R.I.P.: Pioneering Atlanta DJ Alley Pat Patrick Dead At 95

Alley Pat Patrick
Atlanta radio legend James “Alley Pat” Patrick has died at the age of 95.

The Atlanta Constitution reports Patrick began his broadcasting career in 1951 as a disc jockey on WERD, Atlanta’s first black-owned radio station. He joined the staff of WAOK in 1954, and later worked at stations WXAP, WYZE and WQXI-AM.

Patrick, who died Thursday, became a member of the Georgia Music Hall of Fame in 2013. That same year, the Georgia Radio Hall of Fame honored Patrick as the recipient of the Founders and Directors Award.

Former V-103 morning host Mike Roberts, a 2013 inductee into the Georgia Radio Hall of Fame, remembers listening to Patrick on WYZE in the early 1980s when he first came to Atlanta.

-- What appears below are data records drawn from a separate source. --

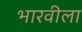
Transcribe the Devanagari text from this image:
भारवीला
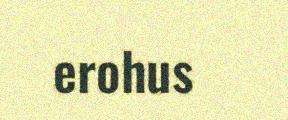
erohus
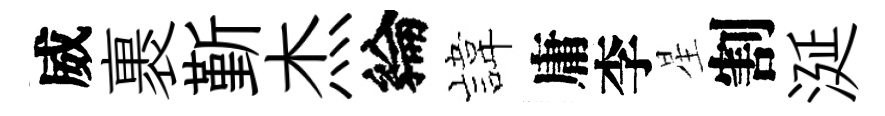
威裹斳杰綸旗庸李星割涎

“He was just a very unique announcer,” said Roberts, who now owns a radio station in Macon. “He was a throwback to the 1960s style of radio, very funny, very creative at the same time. He did commercials for local clients like nobody else. He would criticize a client if he didn’t think they were treating customers right. He would praise them, too. He was a character.”

On his radio show, Patrick needled callers and blithely skewered racial, religious and social sacred cows. Though he was ad-libbing, some say he knew exactly what he was doing.

“Pat would play a simpleton on the air for comedic effect,” director and local filmmaker Tom Roche said. “But when you got to know him, you’d realize he’s quite a citizen of the world. He’d jet up to New York to see plays, he’s been to Africa and he’d go out to L.A. to hang out with John Lee Hooker.”